THE TASK: Each entry below should appear again exactly as written, without pictures.

[Start of Attachment]

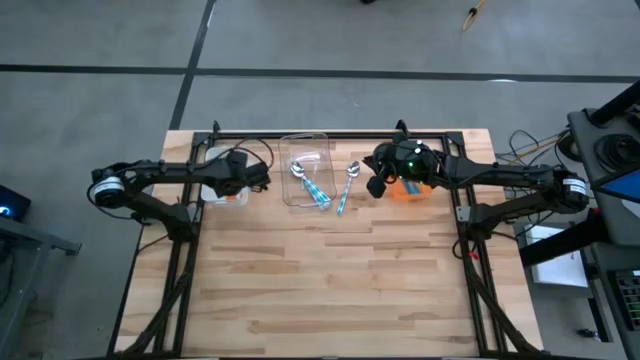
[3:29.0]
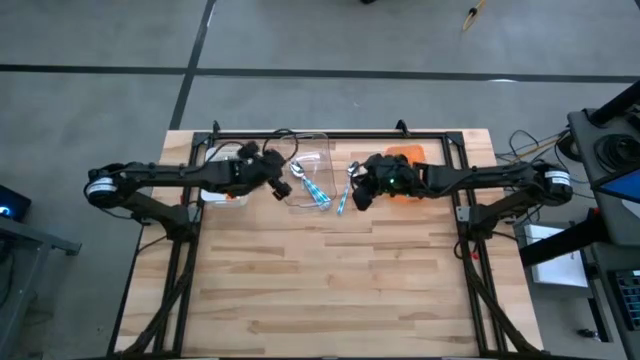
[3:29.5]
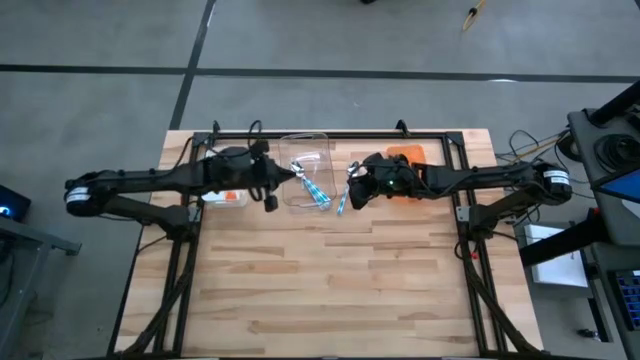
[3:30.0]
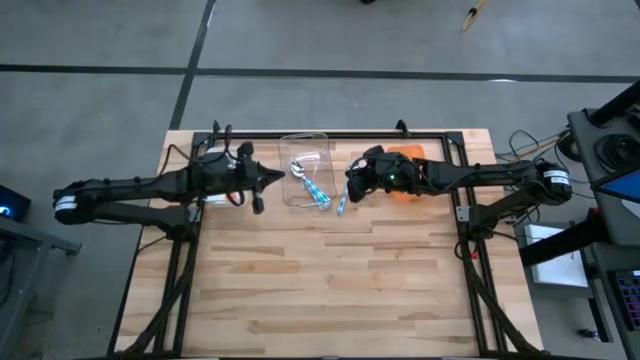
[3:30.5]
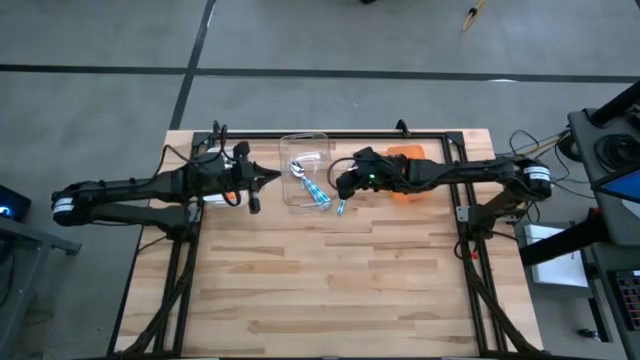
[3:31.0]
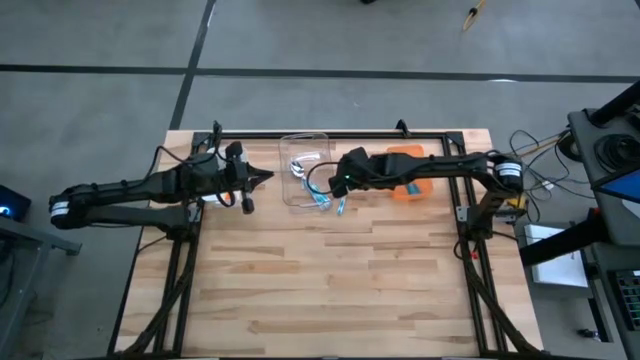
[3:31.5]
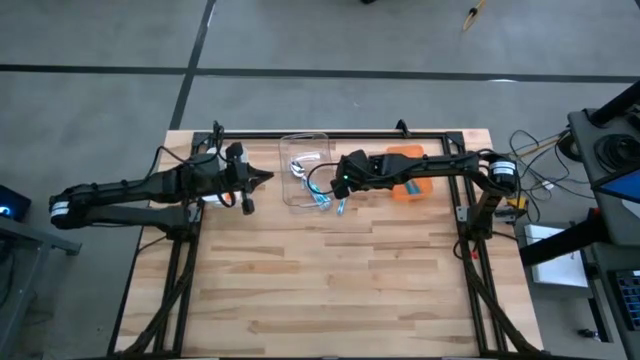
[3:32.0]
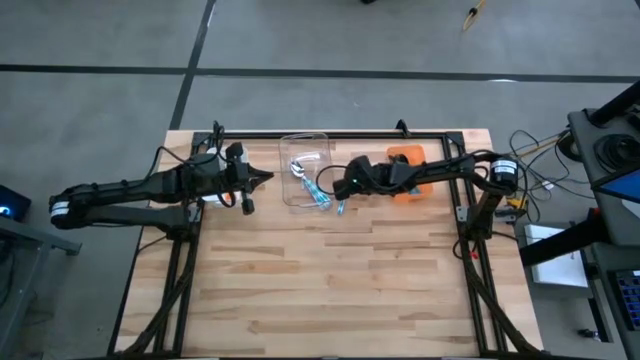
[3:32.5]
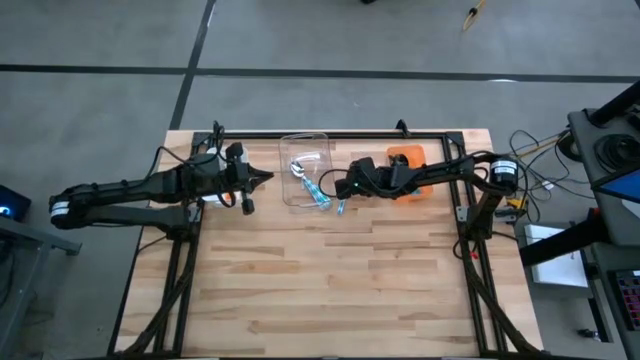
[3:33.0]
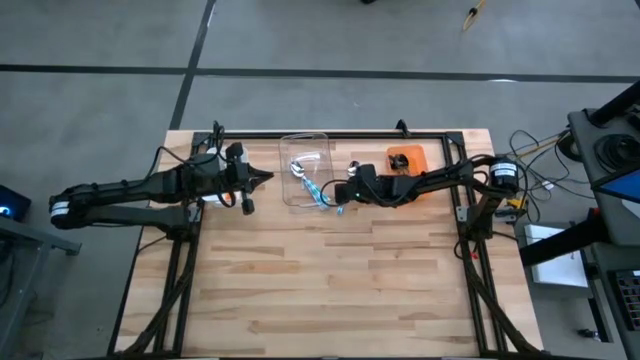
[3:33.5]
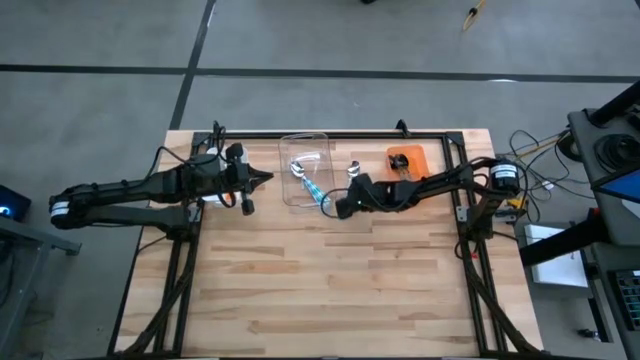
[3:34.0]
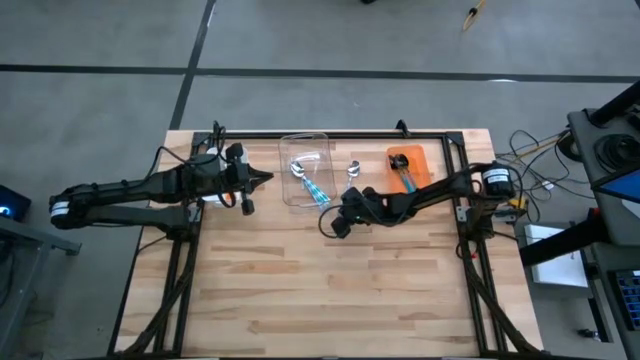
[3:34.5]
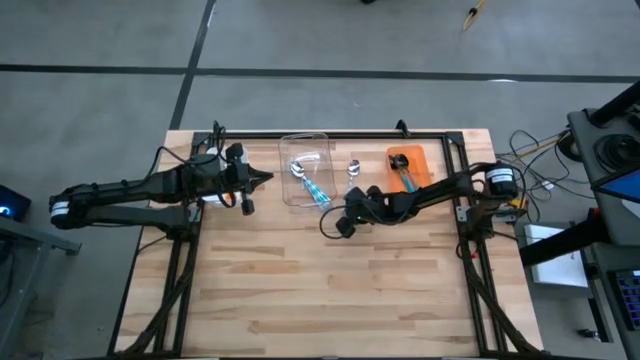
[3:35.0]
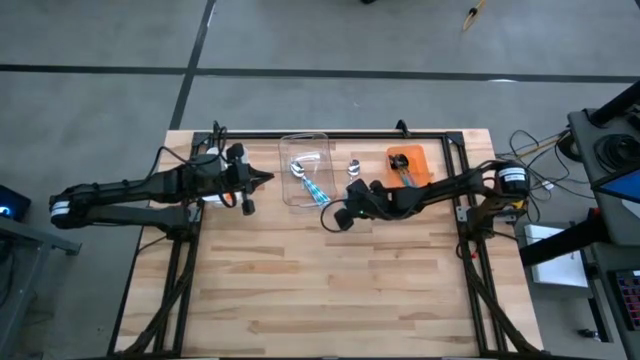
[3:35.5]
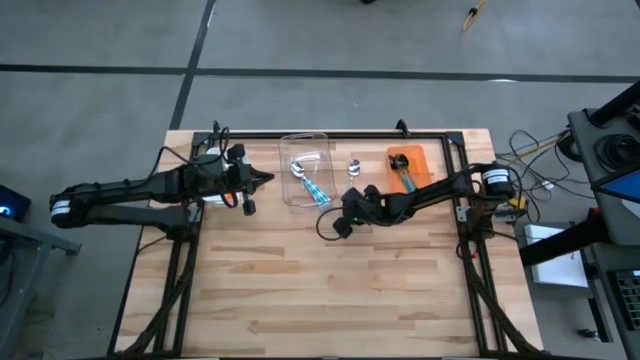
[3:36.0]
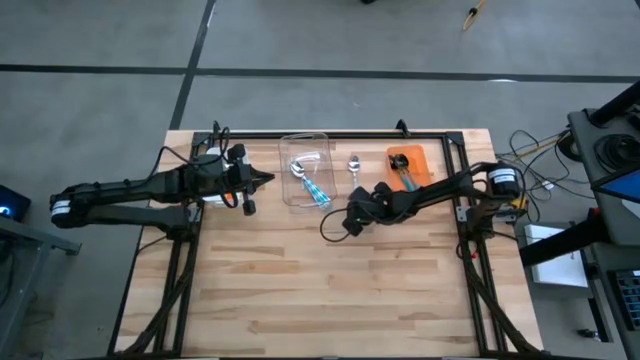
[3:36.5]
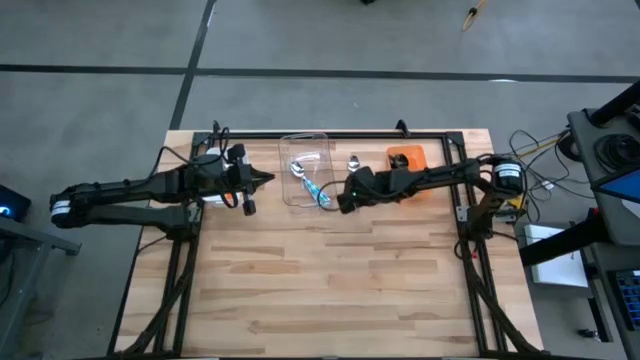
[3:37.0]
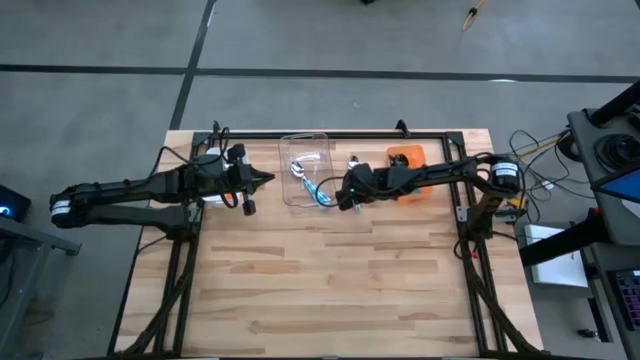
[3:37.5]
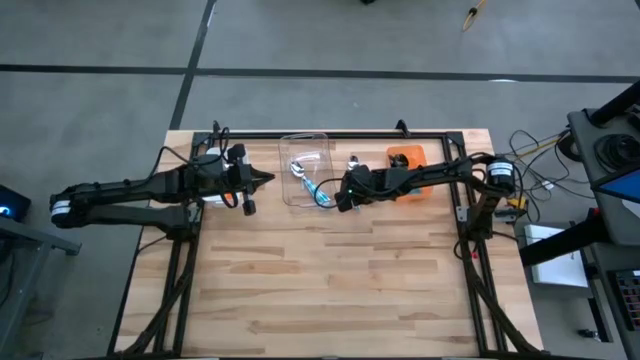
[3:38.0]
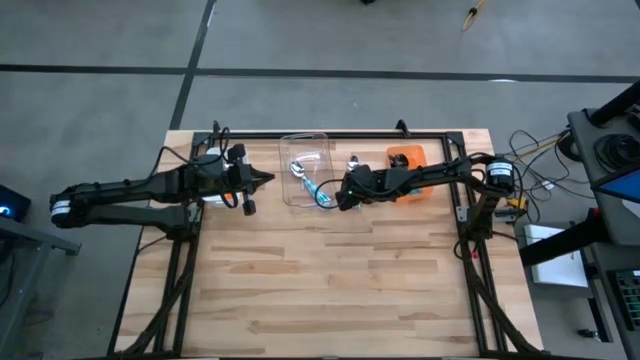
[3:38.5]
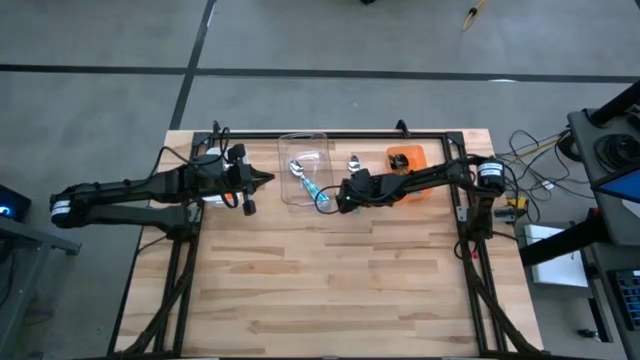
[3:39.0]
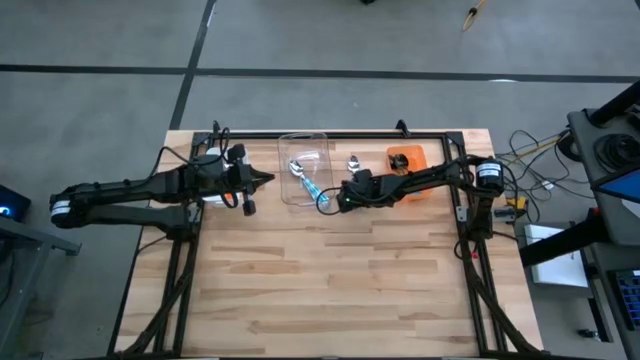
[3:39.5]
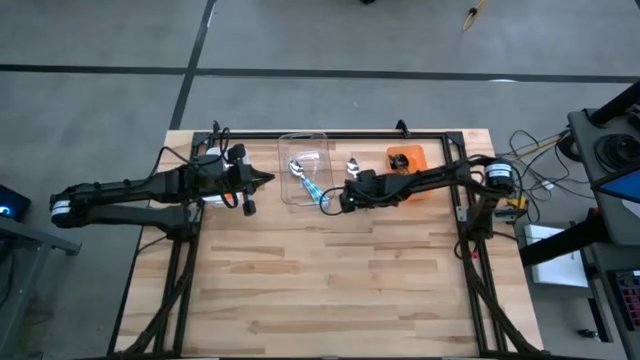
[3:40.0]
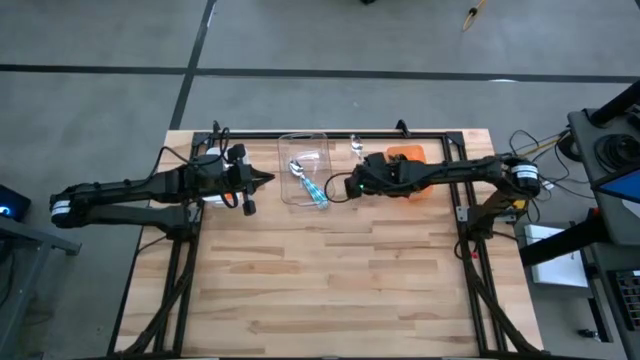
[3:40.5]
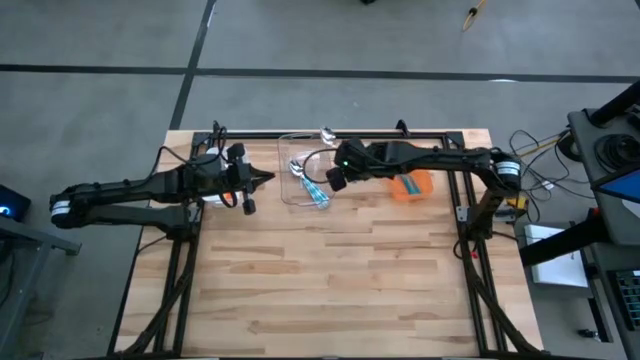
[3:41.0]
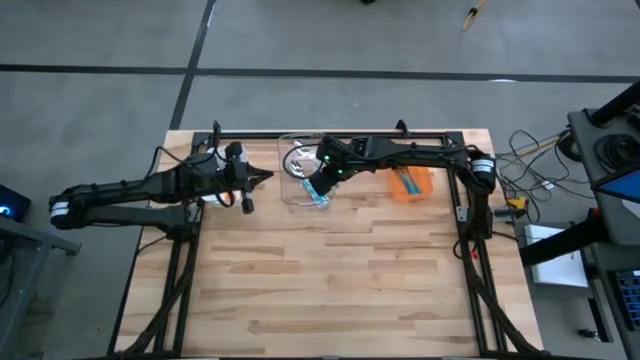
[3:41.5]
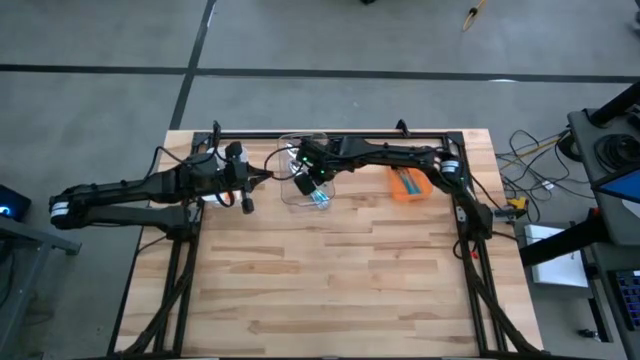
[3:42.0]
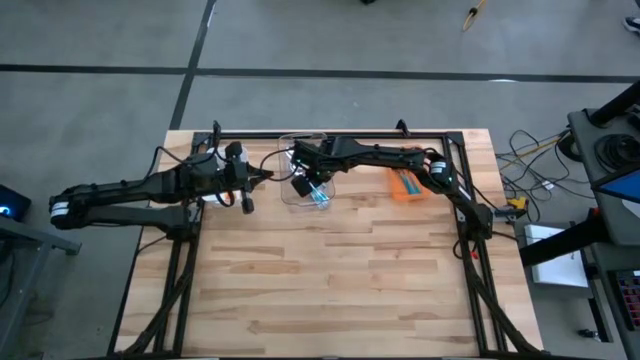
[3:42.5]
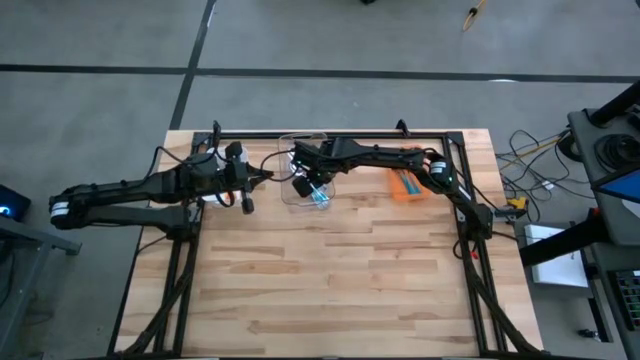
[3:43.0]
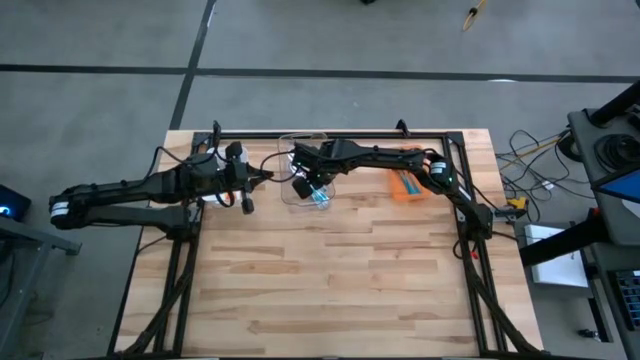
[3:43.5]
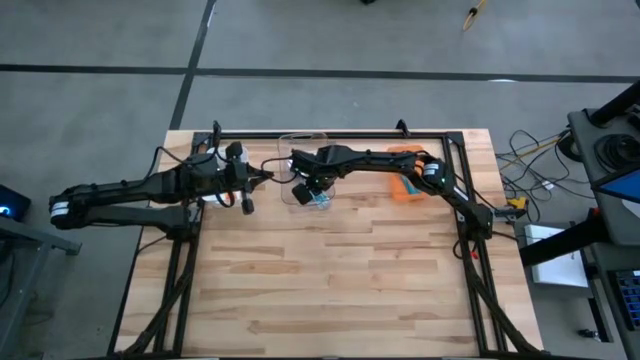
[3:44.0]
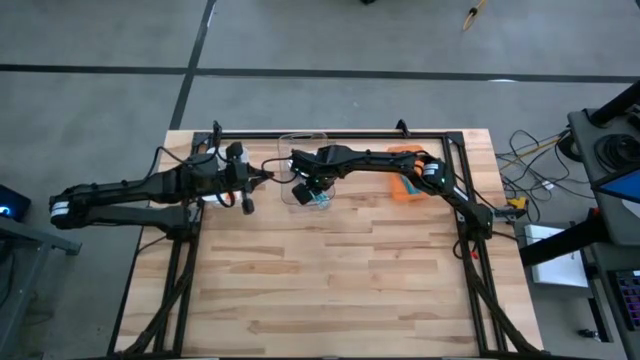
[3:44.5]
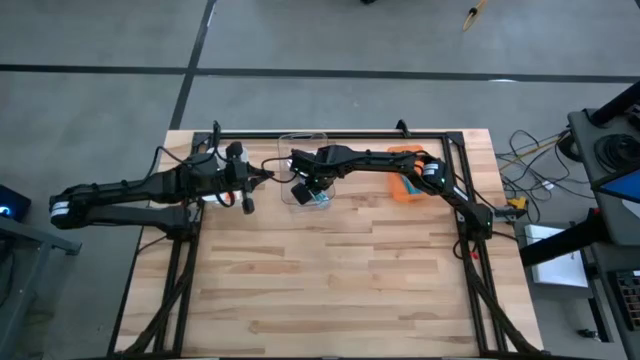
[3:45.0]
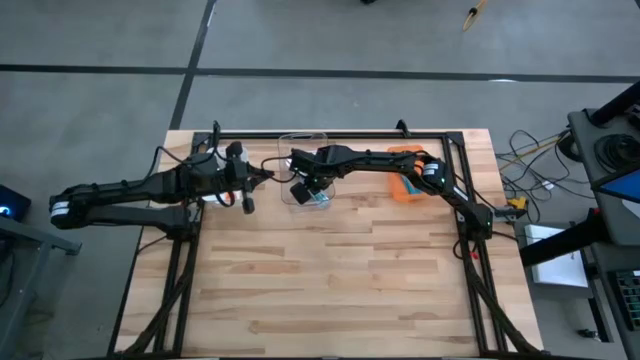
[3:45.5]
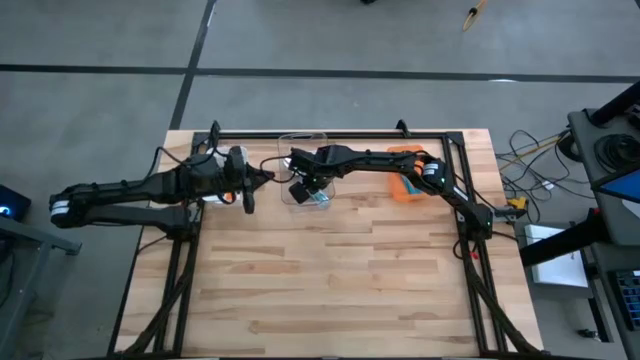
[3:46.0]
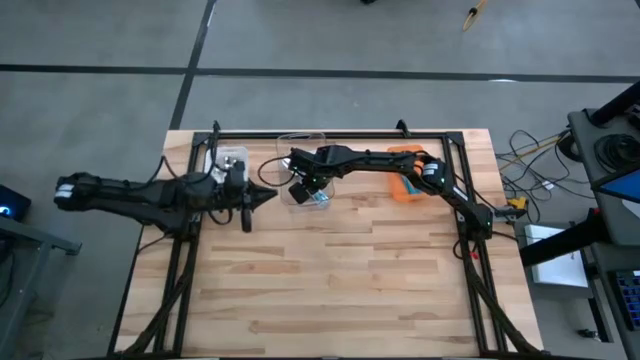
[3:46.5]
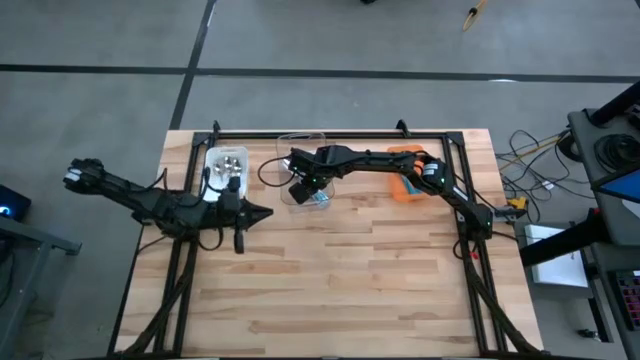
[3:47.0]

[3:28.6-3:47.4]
Task: Sort silverware by color (type)
Put the blue patterned spoon into the transparent bin

[End of Attachment]

COMPLETED TASK:
[3:29.0]
[3:29.5]
[3:30.0]
[3:30.5]
[3:31.0]
[3:31.5]
[3:32.0]
[3:32.5]
[3:33.0]
[3:33.5]
[3:34.0]
[3:34.5]
[3:35.0]
[3:35.5]
[3:36.0]
[3:36.5]
[3:37.0]
[3:37.5]
[3:38.0]
[3:38.5]
[3:39.0]
[3:39.5]
[3:40.0]
[3:40.5]
[3:41.0]
[3:41.5]
[3:42.0]
[3:42.5]
[3:43.0]
[3:43.5]
[3:44.0]
[3:44.5]
[3:45.0]
[3:45.5]
[3:46.0]
[3:46.5]
[3:47.0]

[3:28.6-3:47.4]
Task: Sort silverware by color (type)
Put the blue patterned spoon into the transparent bin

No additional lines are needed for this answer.